Dr. Justin Marchegiani:  So we’re already assuming that sleep’s dialed in, right? Because we know leptin and sleep’s pretty important. By the way, leptin is secreted by your fat cells, too. So the more weight you have on your body, the more the downward essentially gets worse and worse. So like if you’re leaner, you already have a big advantage, right? But if you’re leaner, you already have more muscle and you already are more insulin-sensitive. So it’s kinda this like downward cycle where the more overweight you are and the more problems you have, the more feedback mechanisms feed back in to make us more insulin resistant, more leptin resistant, more cravings. So the problem becomes even harder to deal with, the more overweight we are. Does that make sense?

Evan Brand:  Yeah, I—actually I’m glad you brought that up because I almost forgot to mention it. I actually did, when I was writing REM Rehab, I actually did some research. It was a study from the International Journal of Endocrinology and they looked at sleep deprivation. So people that got 4 hours of sleep per night which hopefully most people listening are getting more than 4 hours, but when they had that—that little of sleep, their leptin levels decreased. So people were gonna be less satiated and then their ghrelin levels, their hunger hormone was increased by 28%. Even after the subjects were given a sleep compensation of 10 hours per night the following 2 days. And then it said that it increased their carbohydrate cravings by 45%. So there’s a few different numbers there, but if you’re sleeping poorly just a few nights per week, it sounds like here, that’s enough to really destroy these hormones. So if you think you’re doing everything great during the day but like you mentioned, maybe your sleep hygiene’s not in order and you’re not sleeping restfully, that’s going to be driving up these hormones and you’re gonna wake up with carbohydrate cravings instead of wanting say some good sausage and eggs for breakfast instead.

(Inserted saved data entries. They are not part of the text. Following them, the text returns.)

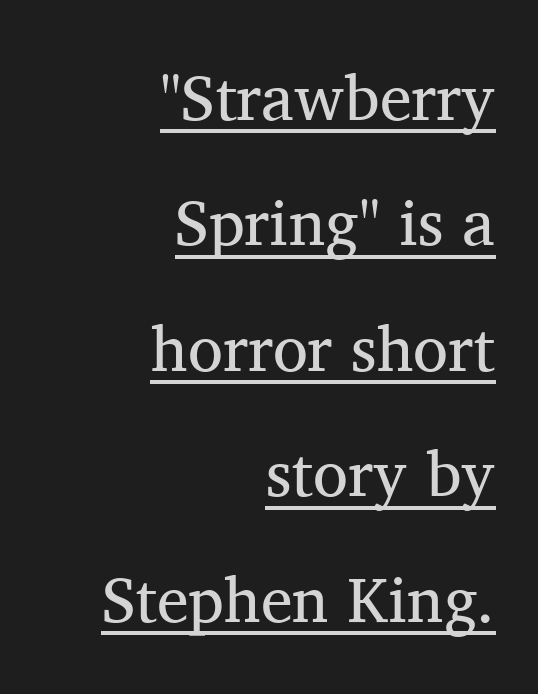
{"serif": "yes", "italic": "no", "bold": "no", "weight": "regular", "width": "normal", "stroke_contrast": "medium", "x_height": "medium", "monospaced": "no", "underline": "yes", "align": "right", "line_spacing": "loose", "line_spacing_ratio": 1.96, "letter_spacing": "normal", "letter_spacing_em": 0.0, "glyph_px": 64}
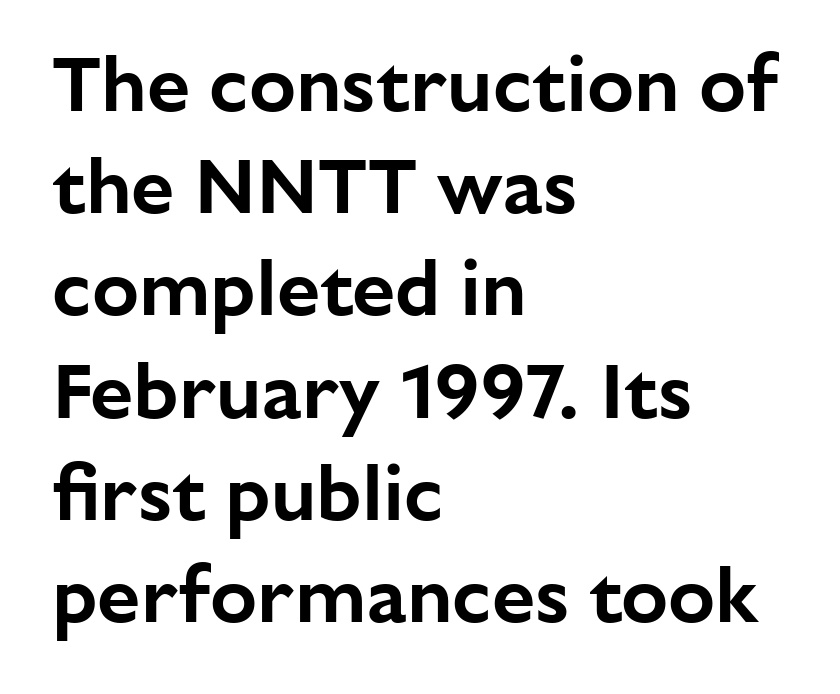
To sum up the face: it is a sans, with no serifs. Upright lettering throughout. Proportional: the letters do not fall into vertical columns. Students, note that the glyphs here touch the page at normal intervals.
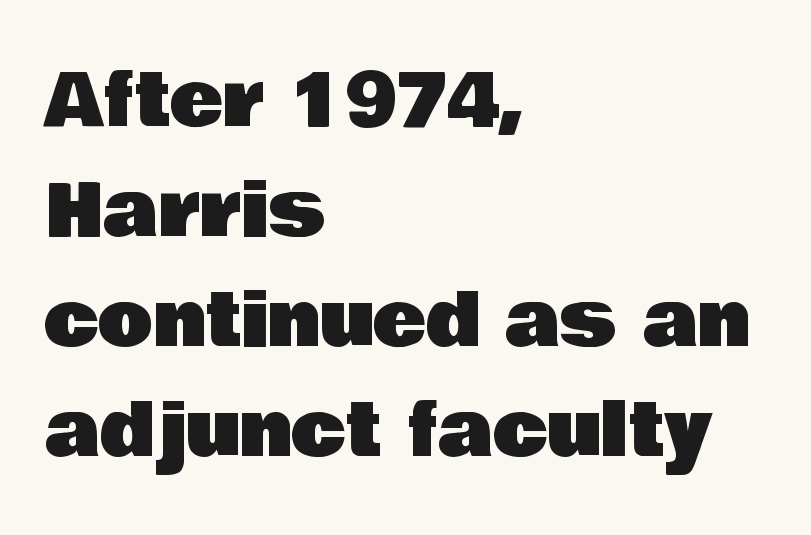
{"serif": "no", "italic": "no", "width": "normal", "stroke_contrast": "low", "x_height": "large", "monospaced": "no", "underline": "no", "align": "left", "line_spacing": "normal", "line_spacing_ratio": 1.53, "letter_spacing": "normal", "letter_spacing_em": 0.0, "glyph_px": 72}
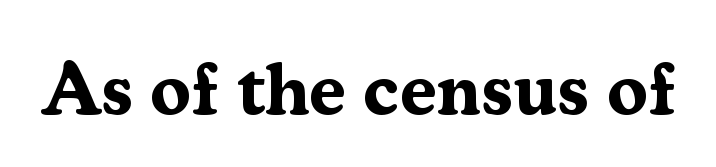
Compared with typical body copy, the letter spacing here is the same. The glyphs have the mass of a bold cut. Note the varied advance widths — an 'i' is clearly narrower than an 'm'. The typeface chosen for these lines features serifs. Ordinary non-slanted type is in use.
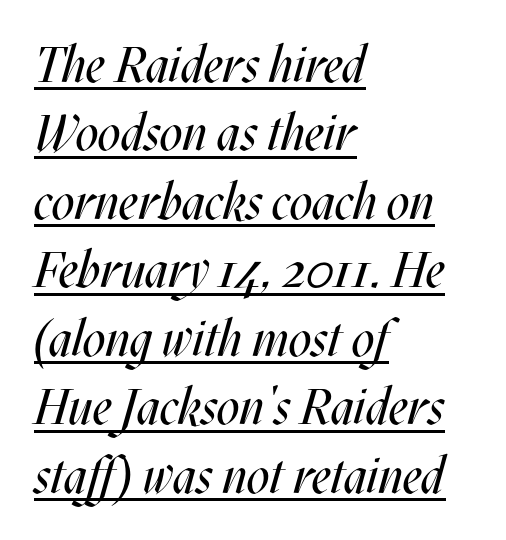
Q: Is the text bold? A: No.
Q: Is the text italic (slanted)? A: Yes, it leans right by about 17 degrees.
Q: Is the text underlined? A: Yes.
Q: How is the paragraph aligned? A: Left-aligned.
Q: Is the spacing between letters normal or unusually wide? A: Normal.
Q: Is the spacing between lines tight, normal or loose? A: Normal.
Q: Width (condensed, normal, or wide)? A: Condensed.
Q: Stroke contrast? A: Medium.
Q: x-height? A: Large.
Q: Monospaced? A: No.
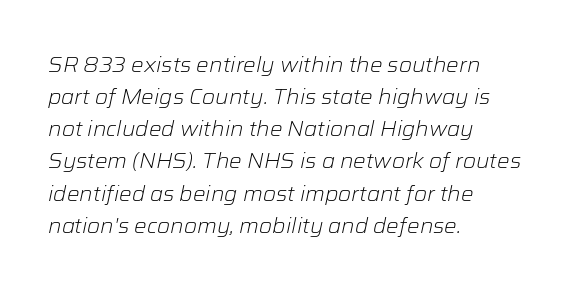
{"italic": "yes", "lean": "right", "slant_degrees": 12, "bold": "no", "underline": "no", "align": "left", "line_spacing": "normal", "line_spacing_ratio": 1.53, "letter_spacing": "normal", "letter_spacing_em": 0.0, "glyph_px": 21}
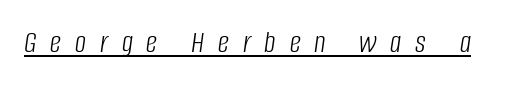
How are the letters spaced? Widely, with obvious added tracking. Glance below the letters and you will spot a drawn line. Here the designer chose a conventional face with non-uniform glyph widths. Weight: not bold — regular or lighter. Designer's note — italics engaged.
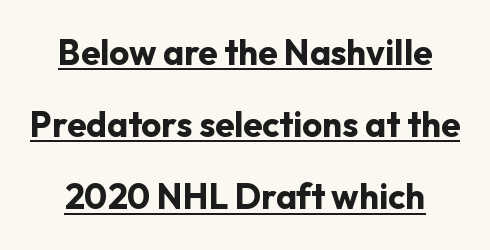
Q: Is the text bold? A: Yes.
Q: Is the text italic (slanted)? A: No, it is upright.
Q: Is the typeface a serif or a sans-serif typeface? A: Sans-serif.
Q: Is the text underlined? A: Yes.
Q: Is the spacing between letters normal or unusually wide? A: Normal.
Q: Is the spacing between lines tight, normal or loose? A: Loose.
Q: Width (condensed, normal, or wide)? A: Normal.
Q: Stroke contrast? A: Low.
Q: x-height? A: Medium.
Q: Monospaced? A: No.

Dr. Justin Marchegiani:  Yes, and when I look at leptin resistance, Gary Taubes had a great analogy years back I—I spoke with him and he said, you know, stick your thumb out, right? Imagine a hammer comes down and that hammer whacks your thumb. Now all of the swelling that happens, these various interleukins and cytokines and all these different pathways that are happening underneath the skin, you know, that’s like leptin and all the TNFα and all the interleukins and the PPAR, you know, gamma agonists, all these different fancy Jeopardy words, that’s what’s happening underneath the skin. But he said, insulin resistance is the hammer and then the hammer hitting the skin and that initial response, that’s leptin, and then everything else kinda spirals out of control. So he’s like, “Well, my focus is on the hammer.” Other people they go into all the little dominos that knock over many, many times down the road. So if we look at the top 2 things, I put more of my focus on the hammer, and then you can say that maybe leptin’s the—the next domino that falls over after—after insulin if you will.

Evan Brand:  Yeah.

Dr. Justin Marchegiani:  Does that make sense?

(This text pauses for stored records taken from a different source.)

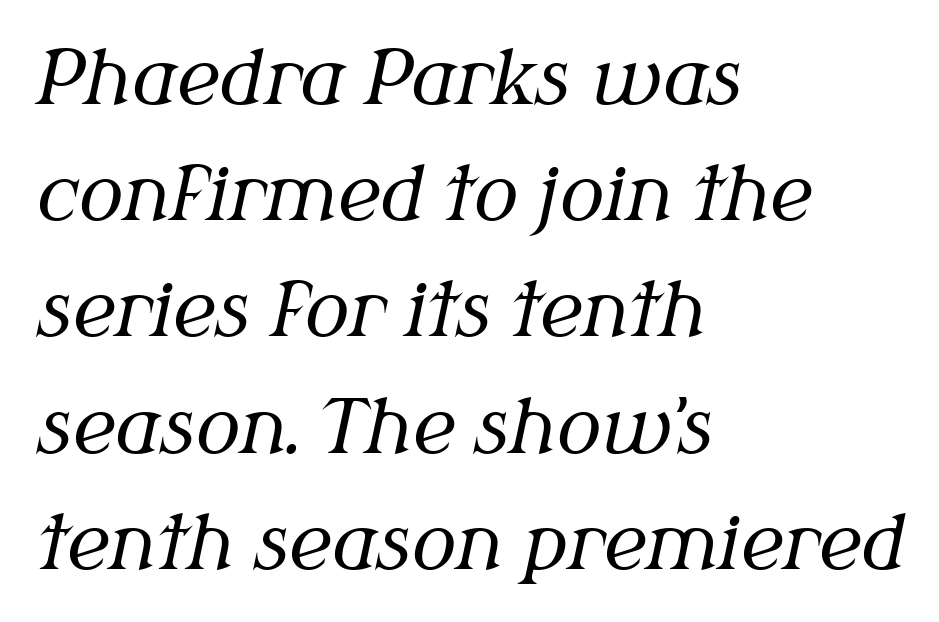
Q: Is the text bold? A: No.
Q: Is the text italic (slanted)? A: Yes, it leans right by about 12 degrees.
Q: Is the typeface a serif or a sans-serif typeface? A: Serif.
Q: Is the text underlined? A: No.
Q: How is the paragraph aligned? A: Left-aligned.
Q: Is the spacing between letters normal or unusually wide? A: Normal.
Q: Is the spacing between lines tight, normal or loose? A: Normal.
Q: Width (condensed, normal, or wide)? A: Normal.
Q: Stroke contrast? A: Medium.
Q: x-height? A: Medium.
Q: Monospaced? A: No.
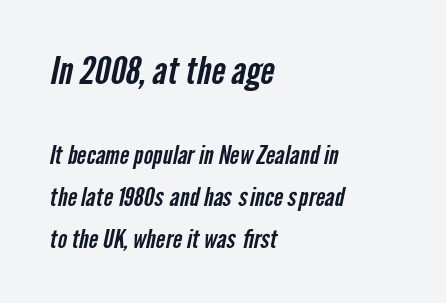
The image shows 37 px condensed sans-serif type; set left-aligned, normal line spacing (1.68x), normal letter spacing, not underlined; the first (top) block is 1.48x larger; low stroke contrast and a medium x-height.
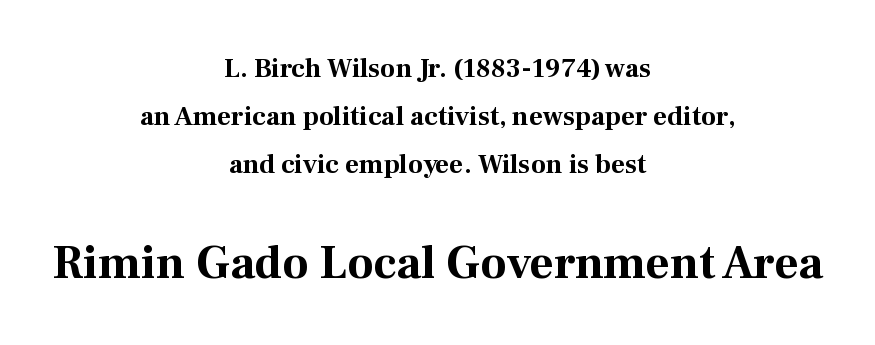
Q: Is the text bold? A: Yes.
Q: Is the text italic (slanted)? A: No, it is upright.
Q: Is the typeface a serif or a sans-serif typeface? A: Serif.
Q: Is the text underlined? A: No.
Q: How is the paragraph aligned? A: Centered.
Q: Is the spacing between letters normal or unusually wide? A: Normal.
Q: Which block of text is set in a larger size, the first (top) or the second (bottom)? A: The second (bottom) one.
Q: Width (condensed, normal, or wide)? A: Normal.
Q: Stroke contrast? A: Medium.
Q: x-height? A: Medium.
Q: Monospaced? A: No.
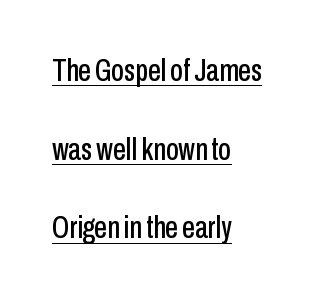
Q: Is the text italic (slanted)? A: No, it is upright.
Q: Is the typeface a serif or a sans-serif typeface? A: Sans-serif.
Q: Is the text underlined? A: Yes.
Q: How is the paragraph aligned? A: Left-aligned.
Q: Is the spacing between letters normal or unusually wide? A: Normal.
Q: Is the spacing between lines tight, normal or loose? A: Loose.
Q: Width (condensed, normal, or wide)? A: Condensed.
Q: Stroke contrast? A: Low.
Q: x-height? A: Medium.
Q: Monospaced? A: No.
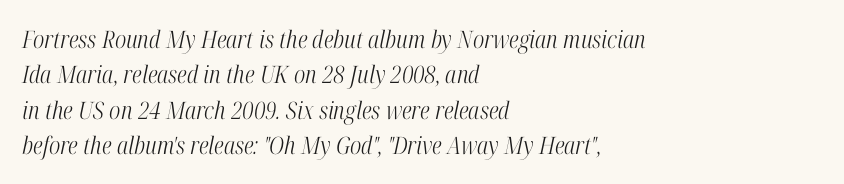
Q: Is the text bold? A: No.
Q: Is the text italic (slanted)? A: Yes, it leans right by about 12 degrees.
Q: Is the text underlined? A: No.
Q: How is the paragraph aligned? A: Left-aligned.
Q: Is the spacing between letters normal or unusually wide? A: Normal.
Q: Is the spacing between lines tight, normal or loose? A: Normal.
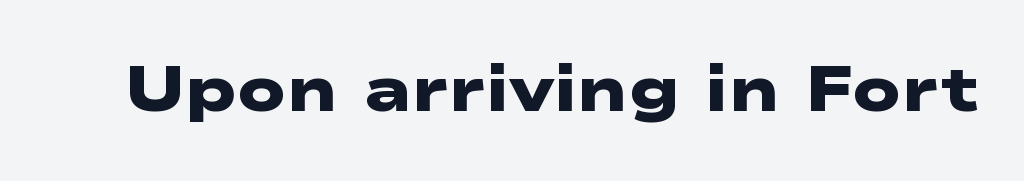
The image shows 63 px heavy, wide sans-serif type; set normal letter spacing, not underlined; low stroke contrast and a medium x-height.
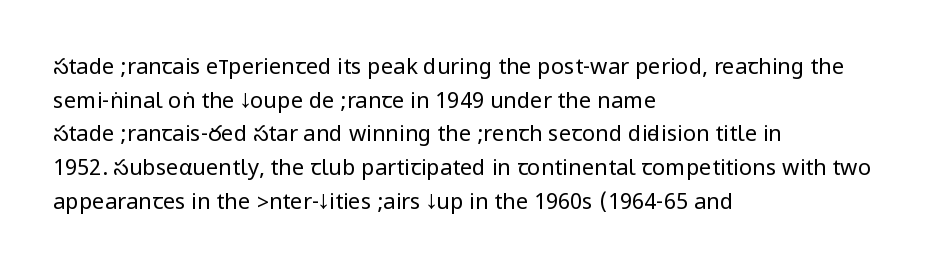
{"italic": "no", "bold": "no", "underline": "no", "align": "left", "line_spacing": "normal", "line_spacing_ratio": 1.53, "letter_spacing": "normal", "letter_spacing_em": 0.0, "glyph_px": 22}

Evan Brand:  Yeah. That makes perfect sense.

Dr. Justin Marchegiani:  So looking at that, really simple, we keep fructose to a minimum. If you’re significantly overweight, you know, 30-50 lbs more, keep fructose under 25 to 15g a day. You know?

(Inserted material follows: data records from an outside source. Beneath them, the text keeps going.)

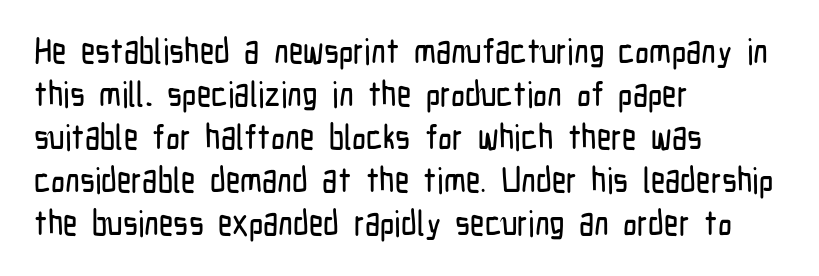
Casual observation: everything's shoved over to the left. The strip under each line holds only bare page. Stroke terminals: plain, sans-serif. Vertical strokes here are truly vertical.
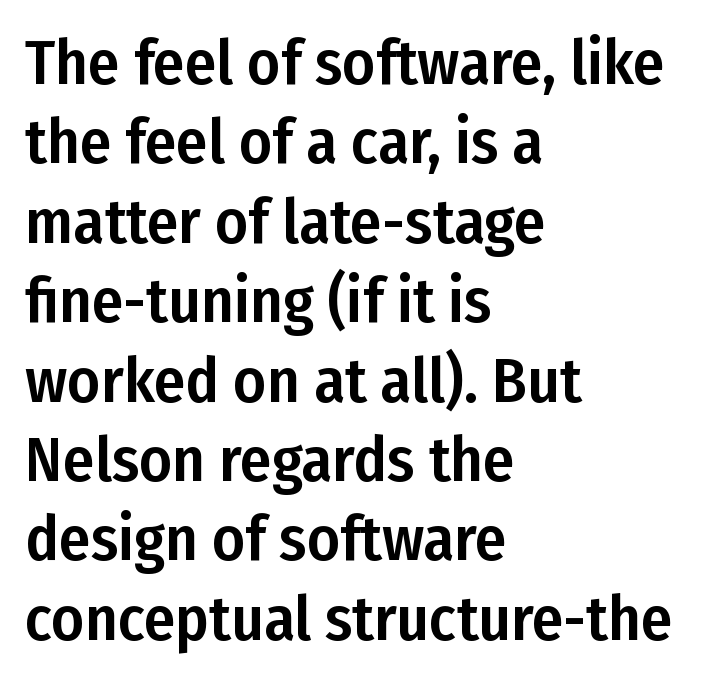
This is roman type, the default non-slanted kind. Varying glyph widths throughout — classic text-font behaviour. The letters carry no serifs — their stems end cleanly without finishing strokes. Words appear dense and cohesive because spacing is normal. The typesetter chose a ragged-right arrangement here. Underline: absent.
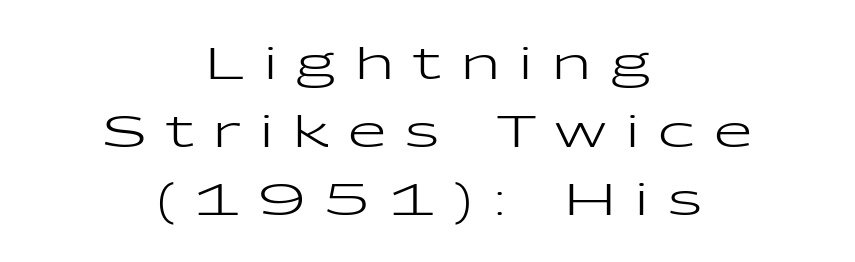
{"serif": "no", "italic": "no", "bold": "no", "weight": "regular", "width": "wide", "stroke_contrast": "low", "x_height": "medium", "monospaced": "no", "underline": "no", "align": "center", "line_spacing": "normal", "line_spacing_ratio": 1.55, "letter_spacing": "wide", "letter_spacing_em": 0.44, "glyph_px": 44}
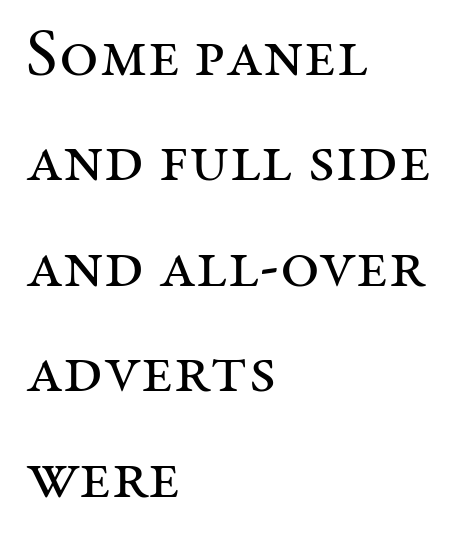
{"serif": "yes", "italic": "no", "bold": "no", "weight": "regular", "width": "normal", "stroke_contrast": "medium", "x_height": "medium", "monospaced": "no", "underline": "no", "align": "left", "line_spacing": "normal", "line_spacing_ratio": 1.55, "letter_spacing": "normal", "letter_spacing_em": 0.0, "glyph_px": 68}

Evan Brand:  What would that look like? Explain people how would that actually be like a handful of blueberries per day, what are we talking?

Dr. Justin Marchegiani:  Well, my patient have access to the member’s area on my website and other there I have a specific handout that kinda outlines all of the fructose that are gonna be in every type of food source. I’m gonna pull it up here and I’ll—I’ll read a couple of things off it right now, but typically vegetables aren’t gonna have very much fructose, right?

Evan Brand:  Right.

Dr. Justin Marchegiani:  So you’re gonna be pretty good with fructose on a vegetable standpoint. Now–

Evan Brand:  Yeah, if you’re doing something like a Paleo template or if you have to go the AIP route, you’re gonna have that dialed in. You’re not gonna have to worry about that.

Dr. Justin Marchegiani:  Yeah, and I did an article I think last year on Is Fruit Bad For You? And I think I outlined that in that article.

Evan Brand:  Uh-hmm.

Dr. Justin Marchegiani:  But let me just give you, for instance, if you do something like strawberries you get, you know, 1 cup of strawberries is 3.8g of fructose. If you–

Evan Brand:  Wow, and nobody’s eating 5 cups of strawberries per day.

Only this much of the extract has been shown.